Competitions are divided into six major disciplines:
1. Long Range/Tactical Sniper. Precision rifle systems (sniper rifles) are used for reproduced but realistic stages with distances from 10 to 1000 meters.
2. Extreme Long Range. Precision rifle shooting at distances from 1000 to 1600 meters.
3. Ultra Long Range. Precision rifle shooting at very long distances of 1600 meters or more.
4. Multigun. Each of the stages may combine multiple firearms, such as precision rifles, medium range semi-auto rifles and/or pistols.
5. Support and Backup firearms. Shooting with pistols and medium range semi-auto rifles.
6. Rimfire.
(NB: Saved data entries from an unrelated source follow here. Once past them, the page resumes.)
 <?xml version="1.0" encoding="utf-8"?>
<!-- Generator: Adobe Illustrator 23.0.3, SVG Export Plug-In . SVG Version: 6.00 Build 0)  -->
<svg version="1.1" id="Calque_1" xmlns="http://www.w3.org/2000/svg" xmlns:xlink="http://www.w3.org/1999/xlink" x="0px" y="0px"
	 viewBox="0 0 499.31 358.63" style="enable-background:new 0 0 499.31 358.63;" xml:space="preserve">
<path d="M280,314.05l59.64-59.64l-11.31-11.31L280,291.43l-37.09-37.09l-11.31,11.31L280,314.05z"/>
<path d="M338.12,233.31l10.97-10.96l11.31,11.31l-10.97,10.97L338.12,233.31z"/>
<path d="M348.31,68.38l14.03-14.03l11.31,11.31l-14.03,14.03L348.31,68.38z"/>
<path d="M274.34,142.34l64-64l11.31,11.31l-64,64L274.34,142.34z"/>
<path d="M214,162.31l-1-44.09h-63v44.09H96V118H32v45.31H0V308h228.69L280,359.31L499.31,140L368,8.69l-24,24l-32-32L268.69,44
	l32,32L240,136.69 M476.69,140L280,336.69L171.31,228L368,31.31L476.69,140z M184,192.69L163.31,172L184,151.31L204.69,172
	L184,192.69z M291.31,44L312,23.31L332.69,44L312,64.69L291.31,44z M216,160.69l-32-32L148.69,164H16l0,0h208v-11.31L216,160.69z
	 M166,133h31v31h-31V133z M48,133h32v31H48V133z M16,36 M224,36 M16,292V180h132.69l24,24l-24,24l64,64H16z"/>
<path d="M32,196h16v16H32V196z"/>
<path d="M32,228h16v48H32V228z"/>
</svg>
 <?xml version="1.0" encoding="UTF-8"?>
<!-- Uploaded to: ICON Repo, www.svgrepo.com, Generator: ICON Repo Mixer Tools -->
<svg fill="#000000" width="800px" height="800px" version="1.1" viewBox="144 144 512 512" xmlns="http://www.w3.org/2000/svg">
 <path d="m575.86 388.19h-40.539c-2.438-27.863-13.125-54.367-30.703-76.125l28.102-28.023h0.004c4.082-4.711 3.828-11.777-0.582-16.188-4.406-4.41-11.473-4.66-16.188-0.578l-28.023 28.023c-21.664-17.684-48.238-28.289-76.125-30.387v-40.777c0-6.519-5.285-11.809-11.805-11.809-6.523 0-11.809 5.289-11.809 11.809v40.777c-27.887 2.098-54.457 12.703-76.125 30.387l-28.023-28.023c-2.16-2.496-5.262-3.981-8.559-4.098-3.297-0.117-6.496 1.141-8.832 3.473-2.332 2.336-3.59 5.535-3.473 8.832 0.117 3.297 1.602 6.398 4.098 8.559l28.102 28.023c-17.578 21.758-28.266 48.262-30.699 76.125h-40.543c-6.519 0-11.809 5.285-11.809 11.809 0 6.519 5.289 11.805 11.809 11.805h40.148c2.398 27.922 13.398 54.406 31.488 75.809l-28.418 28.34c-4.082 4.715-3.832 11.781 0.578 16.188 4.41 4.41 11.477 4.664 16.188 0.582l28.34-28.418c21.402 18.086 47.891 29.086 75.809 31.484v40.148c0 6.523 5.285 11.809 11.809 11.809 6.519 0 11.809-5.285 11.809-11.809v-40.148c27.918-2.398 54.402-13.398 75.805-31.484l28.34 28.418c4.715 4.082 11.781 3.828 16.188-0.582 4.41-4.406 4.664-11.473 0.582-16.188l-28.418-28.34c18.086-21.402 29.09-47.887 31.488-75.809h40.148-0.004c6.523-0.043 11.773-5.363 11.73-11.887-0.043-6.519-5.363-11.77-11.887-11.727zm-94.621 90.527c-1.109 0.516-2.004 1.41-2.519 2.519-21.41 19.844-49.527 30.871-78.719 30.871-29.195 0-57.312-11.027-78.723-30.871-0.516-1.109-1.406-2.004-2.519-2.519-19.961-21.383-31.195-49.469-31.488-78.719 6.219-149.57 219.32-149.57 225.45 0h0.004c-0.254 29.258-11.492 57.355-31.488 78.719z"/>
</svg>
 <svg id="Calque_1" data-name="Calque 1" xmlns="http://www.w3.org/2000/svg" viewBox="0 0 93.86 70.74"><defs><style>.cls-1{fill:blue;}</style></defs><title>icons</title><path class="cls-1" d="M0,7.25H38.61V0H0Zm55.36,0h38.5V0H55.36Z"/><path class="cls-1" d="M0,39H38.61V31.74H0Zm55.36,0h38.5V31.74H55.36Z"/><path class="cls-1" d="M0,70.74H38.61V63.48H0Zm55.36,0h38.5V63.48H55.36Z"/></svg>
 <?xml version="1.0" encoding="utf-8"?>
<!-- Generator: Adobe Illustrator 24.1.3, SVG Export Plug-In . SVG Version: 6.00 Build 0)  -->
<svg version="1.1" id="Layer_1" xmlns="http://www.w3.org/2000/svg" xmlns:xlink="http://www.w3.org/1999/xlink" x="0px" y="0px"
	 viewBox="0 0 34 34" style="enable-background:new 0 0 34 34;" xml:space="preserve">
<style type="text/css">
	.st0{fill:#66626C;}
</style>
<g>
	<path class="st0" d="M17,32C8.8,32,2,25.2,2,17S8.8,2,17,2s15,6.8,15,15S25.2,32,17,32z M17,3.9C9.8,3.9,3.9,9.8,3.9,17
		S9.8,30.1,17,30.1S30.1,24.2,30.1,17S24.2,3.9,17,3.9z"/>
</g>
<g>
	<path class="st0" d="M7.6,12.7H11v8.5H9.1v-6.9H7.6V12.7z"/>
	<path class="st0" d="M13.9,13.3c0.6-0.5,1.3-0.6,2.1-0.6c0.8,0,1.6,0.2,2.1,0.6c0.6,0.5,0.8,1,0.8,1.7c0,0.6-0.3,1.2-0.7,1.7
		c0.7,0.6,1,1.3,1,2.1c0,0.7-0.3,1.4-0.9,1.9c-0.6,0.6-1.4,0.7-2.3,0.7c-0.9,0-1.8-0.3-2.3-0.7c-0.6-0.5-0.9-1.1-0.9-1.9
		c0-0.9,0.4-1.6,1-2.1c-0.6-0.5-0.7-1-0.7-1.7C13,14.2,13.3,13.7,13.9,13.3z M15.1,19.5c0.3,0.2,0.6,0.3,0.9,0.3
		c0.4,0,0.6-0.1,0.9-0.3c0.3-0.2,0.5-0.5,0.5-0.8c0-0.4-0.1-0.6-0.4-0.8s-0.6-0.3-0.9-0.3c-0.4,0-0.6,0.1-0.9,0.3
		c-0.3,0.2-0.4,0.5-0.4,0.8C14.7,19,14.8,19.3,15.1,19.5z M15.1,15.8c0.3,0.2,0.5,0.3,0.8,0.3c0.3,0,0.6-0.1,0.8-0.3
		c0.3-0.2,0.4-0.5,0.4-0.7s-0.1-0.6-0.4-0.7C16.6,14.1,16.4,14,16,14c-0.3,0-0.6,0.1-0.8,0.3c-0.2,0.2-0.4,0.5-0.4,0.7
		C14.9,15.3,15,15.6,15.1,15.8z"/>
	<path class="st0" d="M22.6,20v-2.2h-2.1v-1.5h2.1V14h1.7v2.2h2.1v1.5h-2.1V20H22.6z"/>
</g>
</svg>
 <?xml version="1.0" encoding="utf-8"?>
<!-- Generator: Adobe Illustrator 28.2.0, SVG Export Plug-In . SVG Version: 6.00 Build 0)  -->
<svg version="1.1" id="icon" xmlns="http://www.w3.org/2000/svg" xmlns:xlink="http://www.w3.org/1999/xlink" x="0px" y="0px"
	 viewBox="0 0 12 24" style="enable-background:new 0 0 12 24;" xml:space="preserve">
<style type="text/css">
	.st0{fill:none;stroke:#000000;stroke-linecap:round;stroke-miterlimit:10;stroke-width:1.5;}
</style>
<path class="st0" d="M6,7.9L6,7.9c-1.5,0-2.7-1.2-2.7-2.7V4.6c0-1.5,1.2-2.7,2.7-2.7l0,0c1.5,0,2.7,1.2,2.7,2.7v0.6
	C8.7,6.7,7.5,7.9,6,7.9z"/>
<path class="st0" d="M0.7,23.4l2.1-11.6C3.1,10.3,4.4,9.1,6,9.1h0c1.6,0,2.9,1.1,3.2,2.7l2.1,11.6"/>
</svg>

Target rifle shooting with .22LR caliber rifles.

Each competition is divided into three modules of stages, which test and evaluate the marksmanship qualities of the competitor – precision, speed, physical and mental resilience. Competitions can be held as either individual or teamwork challenges. Teamwork competitions involve two-person teams in which the results and rankings of both competitors are scored together as a team.

== Scoring system ==
Points are awarded by measuring each target in every exercise in milliradians (mrad) which takes into account its size and distance. There are also no-shoot targets which if struck incur penalties. The mrad system allows the usage of virtually all kinds of shooting targets, like paper, steel or clay targets, golf balls, soda cans, etc. Scoring is made with points attributed to the angular measurements of the target according to pre-defined tables. Usually each stage has a fixed time, but for some stages of Module 2 and 3, Comstock (hit factor) scoring is applied instead by taking the score on the targets divided by the time used on that stage.

Scoring of each module is calculated by adding results from all the module's stages. The competitor with highest summarized result is awarded with 100 percent. The scoring for the other competitors is then calculated as the proportional percentage in relation to the highest summarized score, with calculation up to two decimal places. The calculated sum in percentage from all the three modules finally assembles the match ranking and demonstrates the winner.

== Member associations ==

Currently, there are three ITCC licensed regions:
- Region: Baltic States (Lithuania, Latvia, Estonia), Lithuanian Long Range Shooting Federation
- Region: Bylgaria, Bulgarian T-Class Federation,
- Region: Russian Federation, Russian High Precision Shooting Federation,
- Region: SERBIA, SSSU TIRON
- Region: Region: WESTERN BALKANS, WBSA
- Region: POLAND, ARMA https://www.facebook.com/armabrzeg/
- Region: MALTA, MATSAC, website: https://www.facebook.com/MATSACMALTA/

https://t-class.org/regions/

== See also ==
- International Precision Rifle Federation (IPRF)
- International Confederation of Fullbore Rifle Associations (ICFRA)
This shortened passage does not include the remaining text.